Technical Information
The vulnerability is triggered when the vLLM Completions API endpoint receives user-supplied prompt embeddings in the form of serialized PyTorch tensors. These tensors are deserialized using torch.load() without sufficient validation. Starting with PyTorch 2.8.0, sparse tensor integrity checks are disabled by default, so malformed tensors with corrupted index arrays can bypass validation.
When vLLM calls .to_dense() on such a tensor, PyTorch dereferences attacker-controlled index arrays. If these indices are out of bounds, the operation writes outside the allocated buffer, causing memory corruption. This can crash the vLLM process (denial of service) and, under certain conditions, may allow remote code execution if the attacker can control the overwritten memory.
The attack requires only network access to the Completions API endpoint. By default, this endpoint does not require authentication. An attacker crafts a malicious sparse tensor, serializes it with torch.save(), base64-encodes the result, and submits it as the prompt_embeds parameter in an API request. The vulnerability is classified under:
- CWE-20: Improper Input Validation
- CWE-123: Write-what-where Condition
- CWE-502: Deserialization of Untrusted Data
- CWE-787: Out-of-bounds Write
Root Cause:
- vLLM accepts serialized tensor input from untrusted sources via the API
- torch.load() is used without validating tensor structure or indices
- PyTorch 2.8.0 disables sparse tensor integrity checks by default
- Malicious tensors can trigger out-of-bounds writes during to_dense()

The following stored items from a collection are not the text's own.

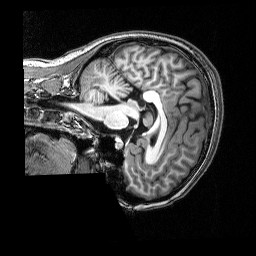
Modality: T1w
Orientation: sagittal
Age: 20
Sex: female
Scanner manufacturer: siemens
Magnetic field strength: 3 T
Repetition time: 2.53 s
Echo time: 0.00339 s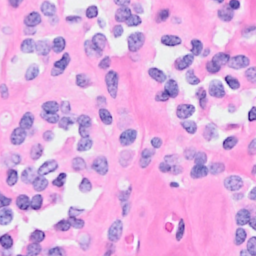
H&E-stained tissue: Breast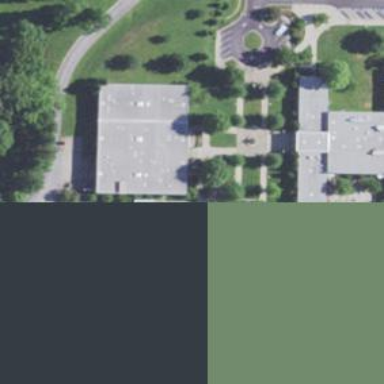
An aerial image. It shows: College building.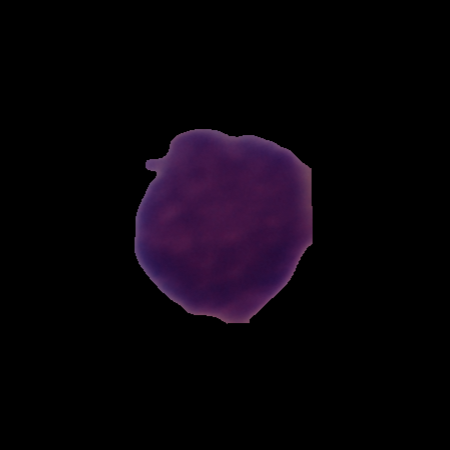
Label: healthy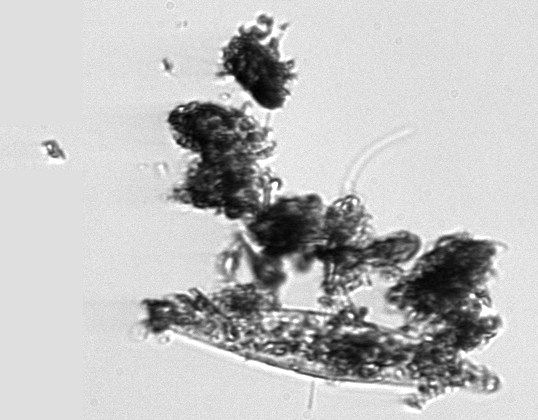
Label: Thalassiosira_TAG_external_detritus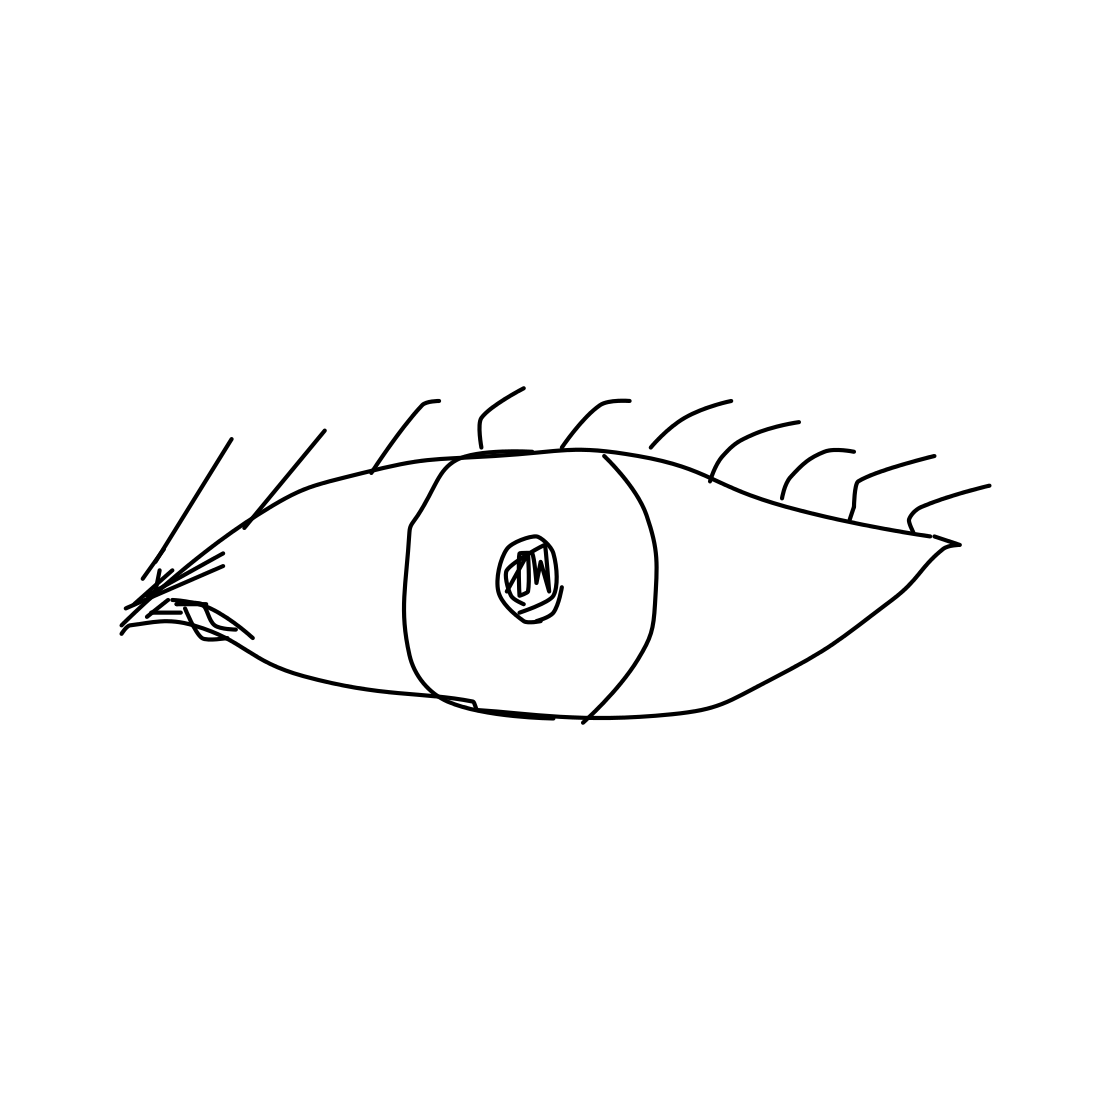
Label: eye
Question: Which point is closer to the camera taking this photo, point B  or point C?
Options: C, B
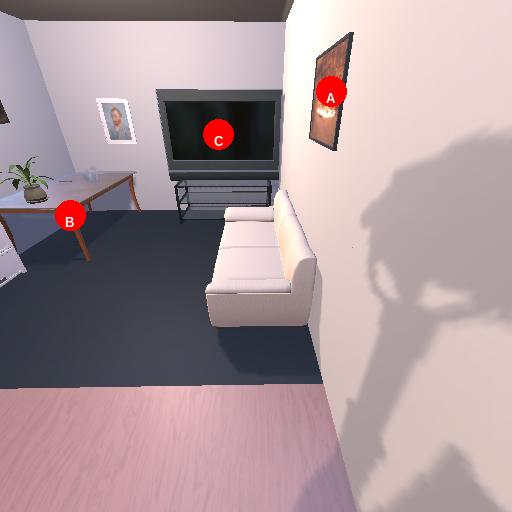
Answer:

Affected Systems and Versions
- vLLM versions 0.10.2 through 0.11.0 are affected
- Only configurations exposing the Completions API endpoint with prompt embedding support are vulnerable
- The vulnerability is present when running with PyTorch 2.8.0 or later (due to disabled integrity checks)
Vendor Security History
- vLLM has previously addressed security issues such as HTTP header injection and unsafe eval() usage through timely point releases (see v0.10.1.1)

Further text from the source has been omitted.